De openlijke bekendmaking geschiedt door plaatsing van een uittreksel van de beschikking in de Staatscourant. Het uittreksel bevat de dagtekening van de beschikking en de aanduiding van de rechter die haar heeft gewezen, alsmede de naam, voornamen en woonplaats van ieder der echtgenoten.

3.

Indien hoger beroep of beroep in cassatie is ingesteld tegen een beschikking als bedoeld in het eerste lid, moet de griffier van het gerecht waarbij dit beroep is ingesteld, terstond het gerecht dat de bestreden beschikking heeft gegeven, daarvan op de hoogte stellen.

4.

Indien een echtgenoot slechts hoger beroep of beroep in cassatie heeft ingesteld tegen een beslissing omtrent nevenvoorzieningen, kan de andere echtgenoot na het verstrijken van de voor het instellen van het desbetreffende rechtsmiddel geldende termijn of na berusting geen beroep meer instellen tegen de uitspraak voorzover daarbij een verzoek tot echtscheiding, scheiding van tafel en bed of ontbinding van het huwelijk na scheiding van tafel en bed is toegewezen.

5.

In hoger beroep en in cassatie zijn de artikelen 802, 803 en 817 van overeenkomstige toepassing.

A: Inleiding

Wijzigingen voortvloeiend uit KEI ten aanzien van de artikeltekst:

Het artikel blijft ongewijzigd.

Artikel 358 Rv van de algemene regeling hoger beroep verzoekschriftprocedures geldt voor de scheidingsprocedure. Lid 2 van dit artikel bepaalt dat door verzoeker en in de procedure verschenen belanghebbenden hoger beroep moet worden ingesteld binnen drie maanden vanaf de dag van de uitspraak en geldt derhalve voor de verzoekende echtgenoot en de andere in de procedure verschenen, zich al dan niet verwerende, echtgenoot.

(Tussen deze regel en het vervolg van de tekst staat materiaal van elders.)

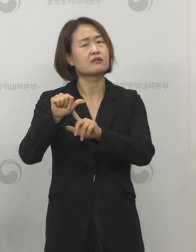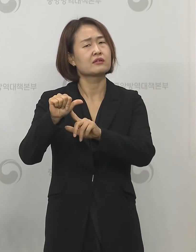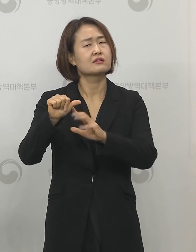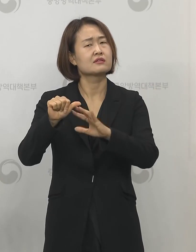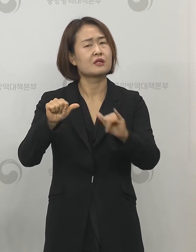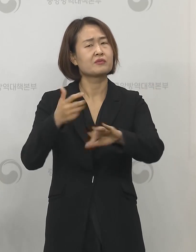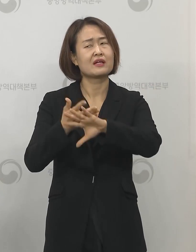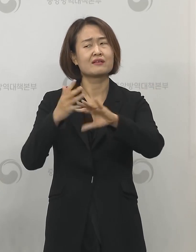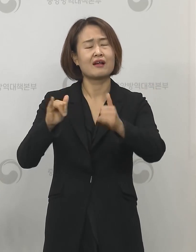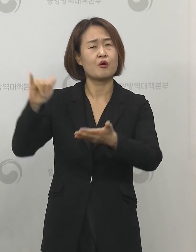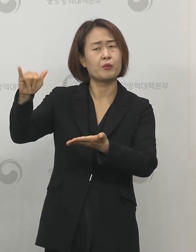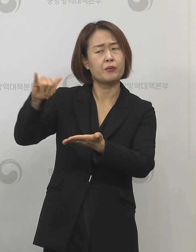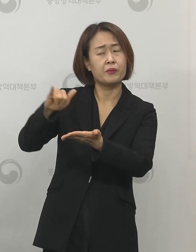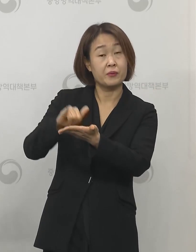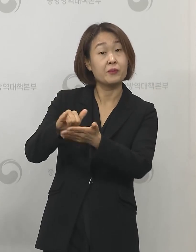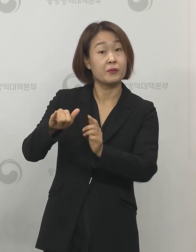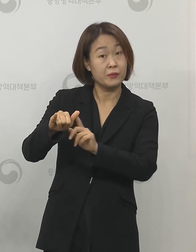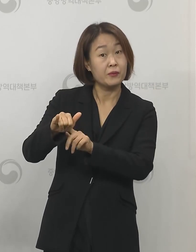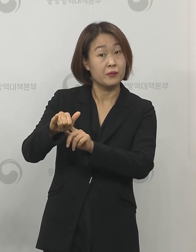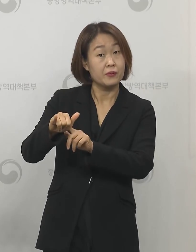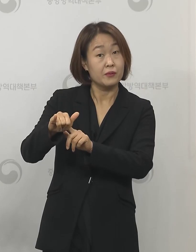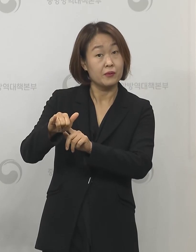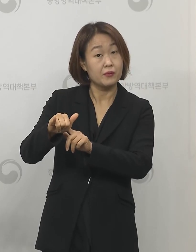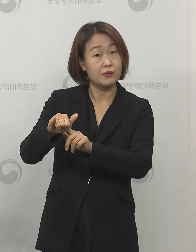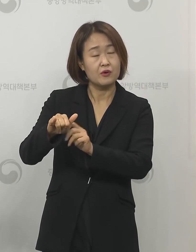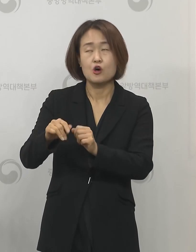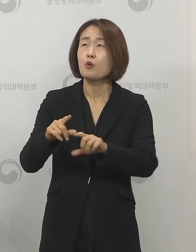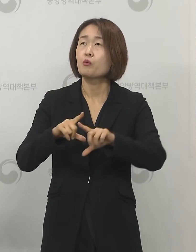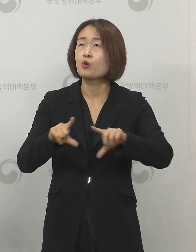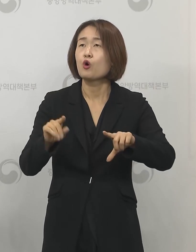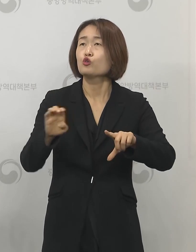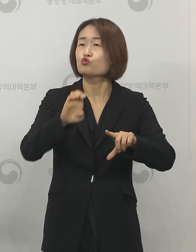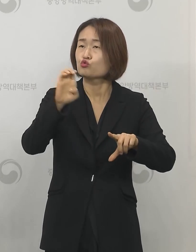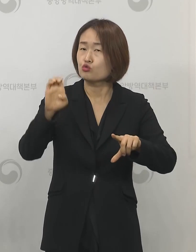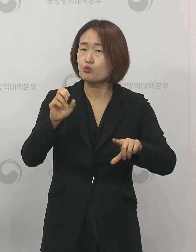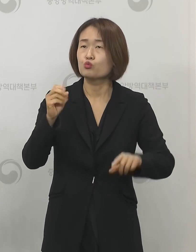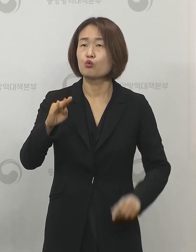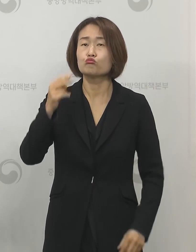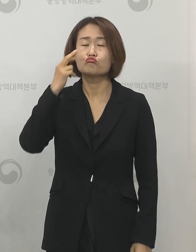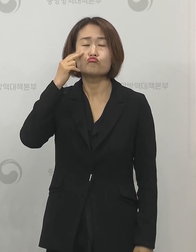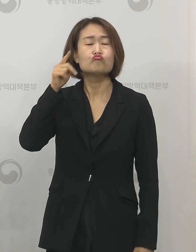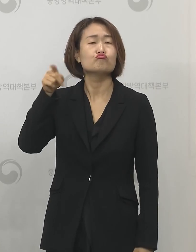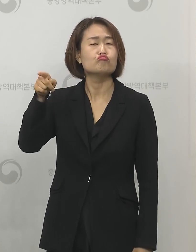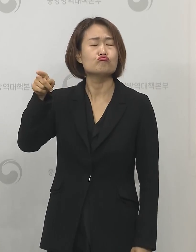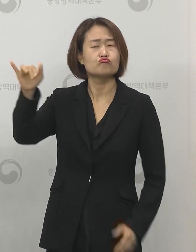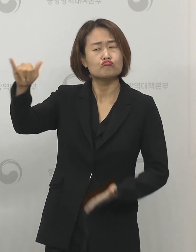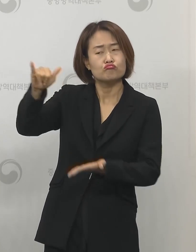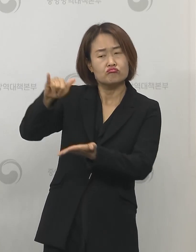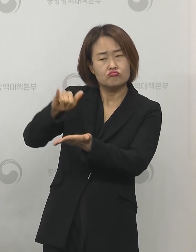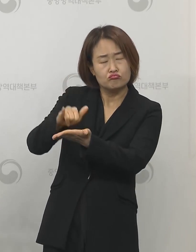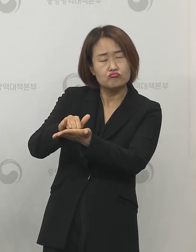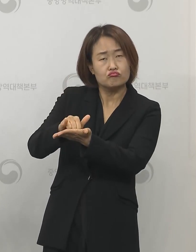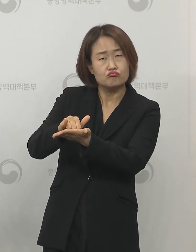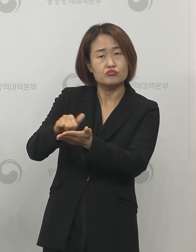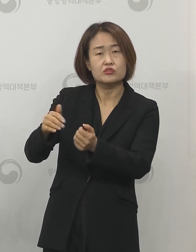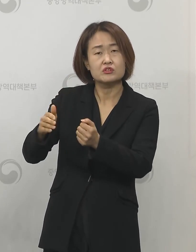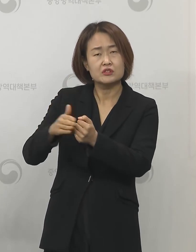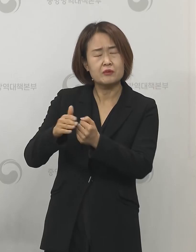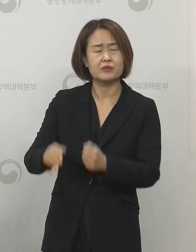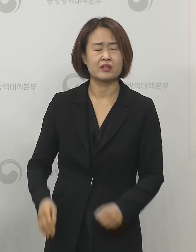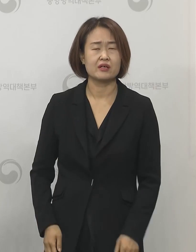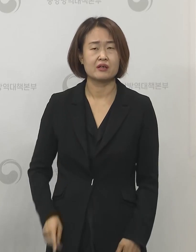유입이기 때문에 해외 유입으로 주로 유럽과 미국을 통해서 유입된 사례이기 때문에 감염 경로가
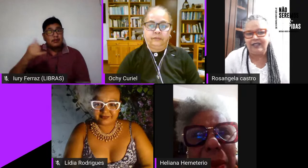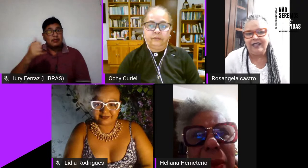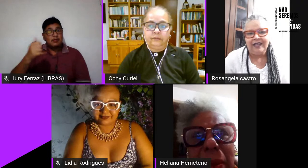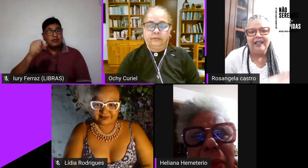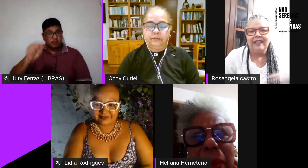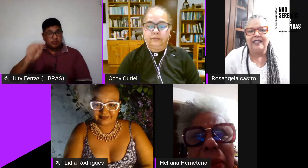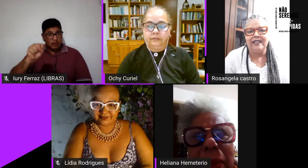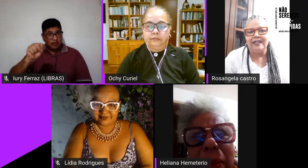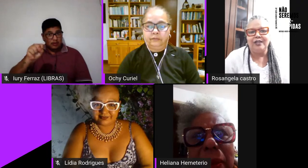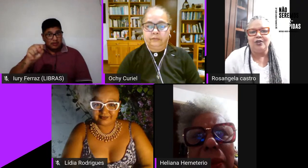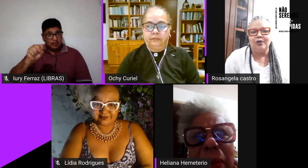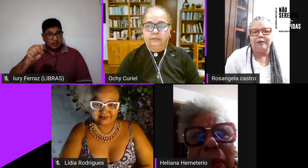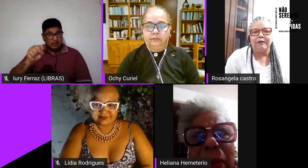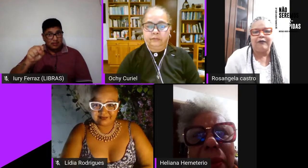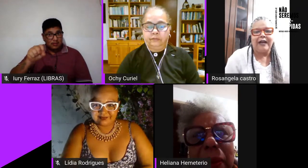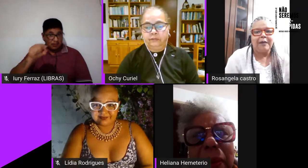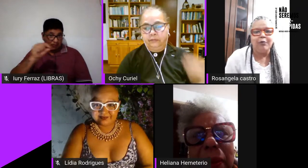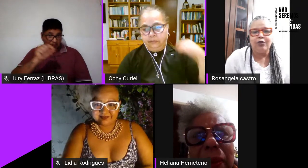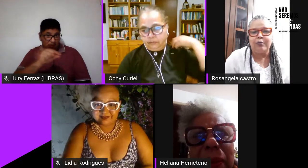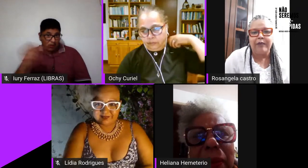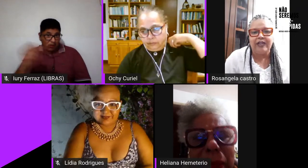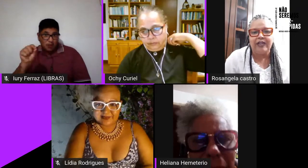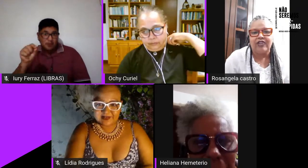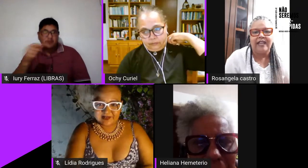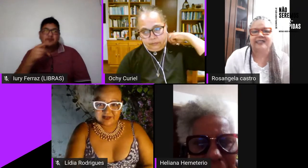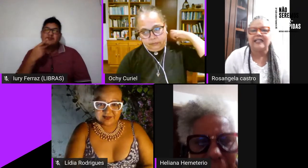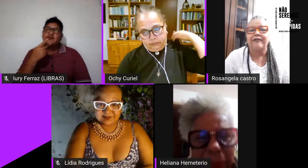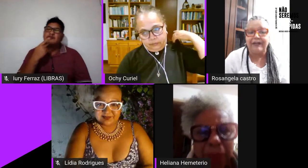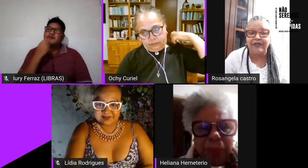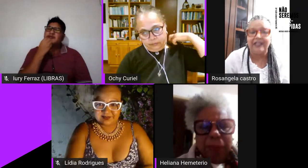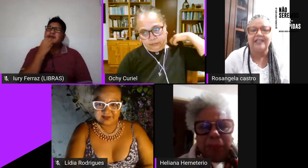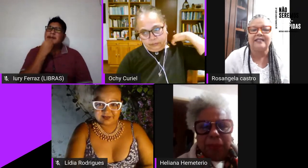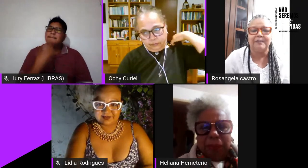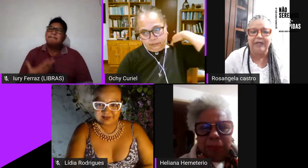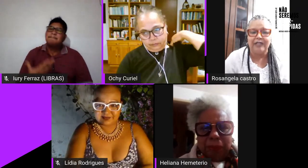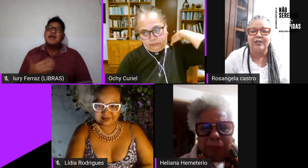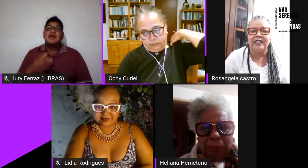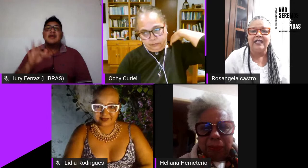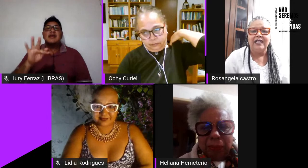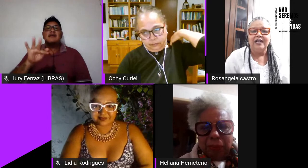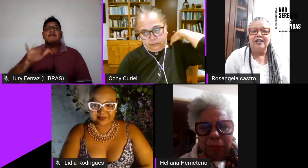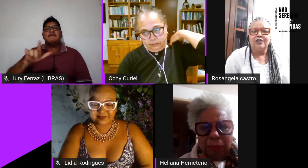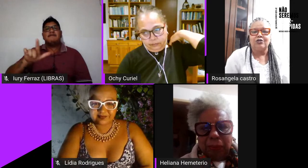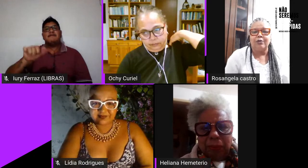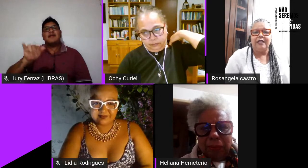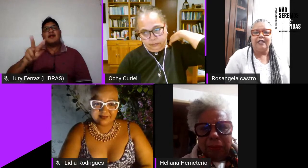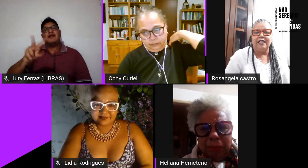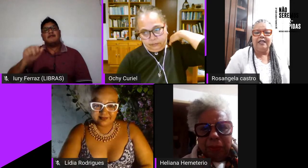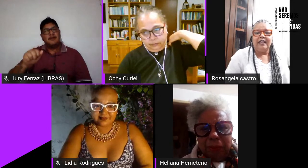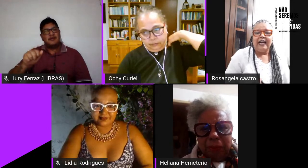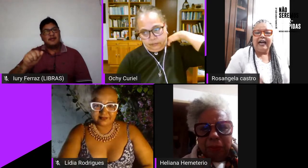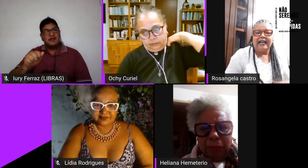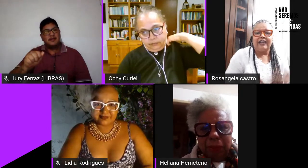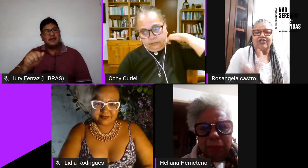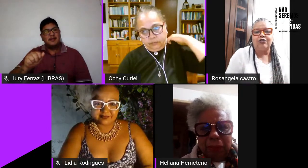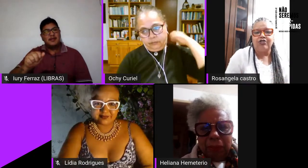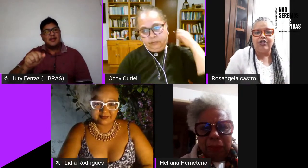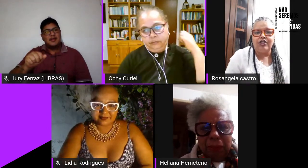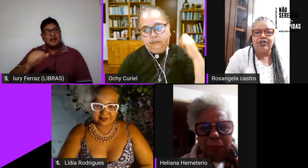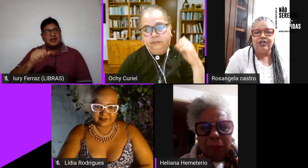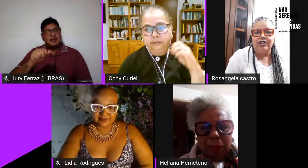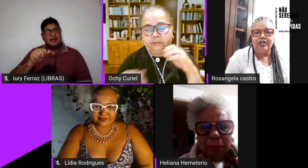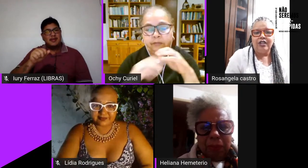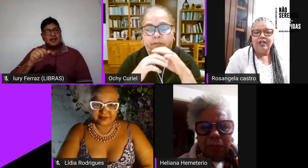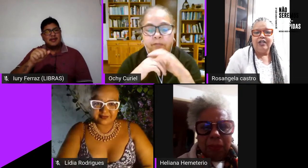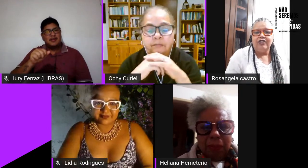que fala muito bem Jéssica Flavinha Nascimento né sobre a questão

Voor de vraag wanneer de echtgenoot/verweerder in de procedure verschenen is zie hierna onder C.1.

Is de andere, niet verzoekende, echtgenoot niet in de scheidingsprocedure verschenen, dan geldt voor het door hem in te stellen hoger beroep niet de regeling van de niet verschenen belanghebbende van artikel 358 lid 2 Rv, maar de regeling van artikel 820 lid 1 Rv.

Artikel 358 Rv is ook van toepassing op de scheiding van tafel en bed en de ontbinding van het huwelijk.

Artikel 820 Rv is van overeenkomstige toepassing op de procedure tot ontbinding van het geregistreerd partnerschap (artikel 828 Rv).

B: Wetstechnische informatie

Voor de wetstechnische informatie verwijzen wij u naar de historische informatie bij Artikel 820.

C: Kernproblematiek

C.1: Niet verschenen in de echtscheidingsprocedure

De andere, niet verzoekende, echtgenoot is in de procedure verschenen:

  • als hij een verweerschrift indient met advocaatstelling (artikel 282 lid 1 Rv);
  • door te verschijnen op de mondelinge behandeling in persoon of bij advocaat (artikel 279 Rv);
  • doordat de advocaat het gerecht schriftelijk mededeelt dat hij zich voor de echtgenoot stelt (een verweerschrift indienen is dan niet meer een noodzakelijk vereiste, HR 26 juni 2009, ECLI:NL:HR:2009:BH9287, zie onder D).

Indien hieraan niet is voldaan is de andere niet verzoekende echtgenoot in de procedure niet verschenen en is de echtscheidingsbeschikking bij verstek gewezen.

Uit de toelichting op artikel 5.5. Procesreglement scheiding blijkt dat, indien sprake is van een referte-verklaring overgelegd door de andere niet verzoekende echtgenoot, de zaak procedureel een verstekzaak blijft. Wordt de referteverklaring ingediend door een advocaat, dan is het gezien de hiervoor vermelde uitspraak van de Hoge Raad de vraag of er sprake is van een verstekzaak.

Overigens is verstek niet de juiste term, omdat deze term alleen in dagvaardingszaken gebruikt wordt. Is sprake van een verstekvonnis dan kan door gedaagde alleen het rechtsmiddel van verzet ingesteld worden, tenzij eiser eerder hoger beroep heeft ingesteld (artikel 335 lid 1 Rv).

De verzoekschriftprocedure kent alleen het rechtsmiddel van hoger beroep en niet het rechtsmiddel van verzet.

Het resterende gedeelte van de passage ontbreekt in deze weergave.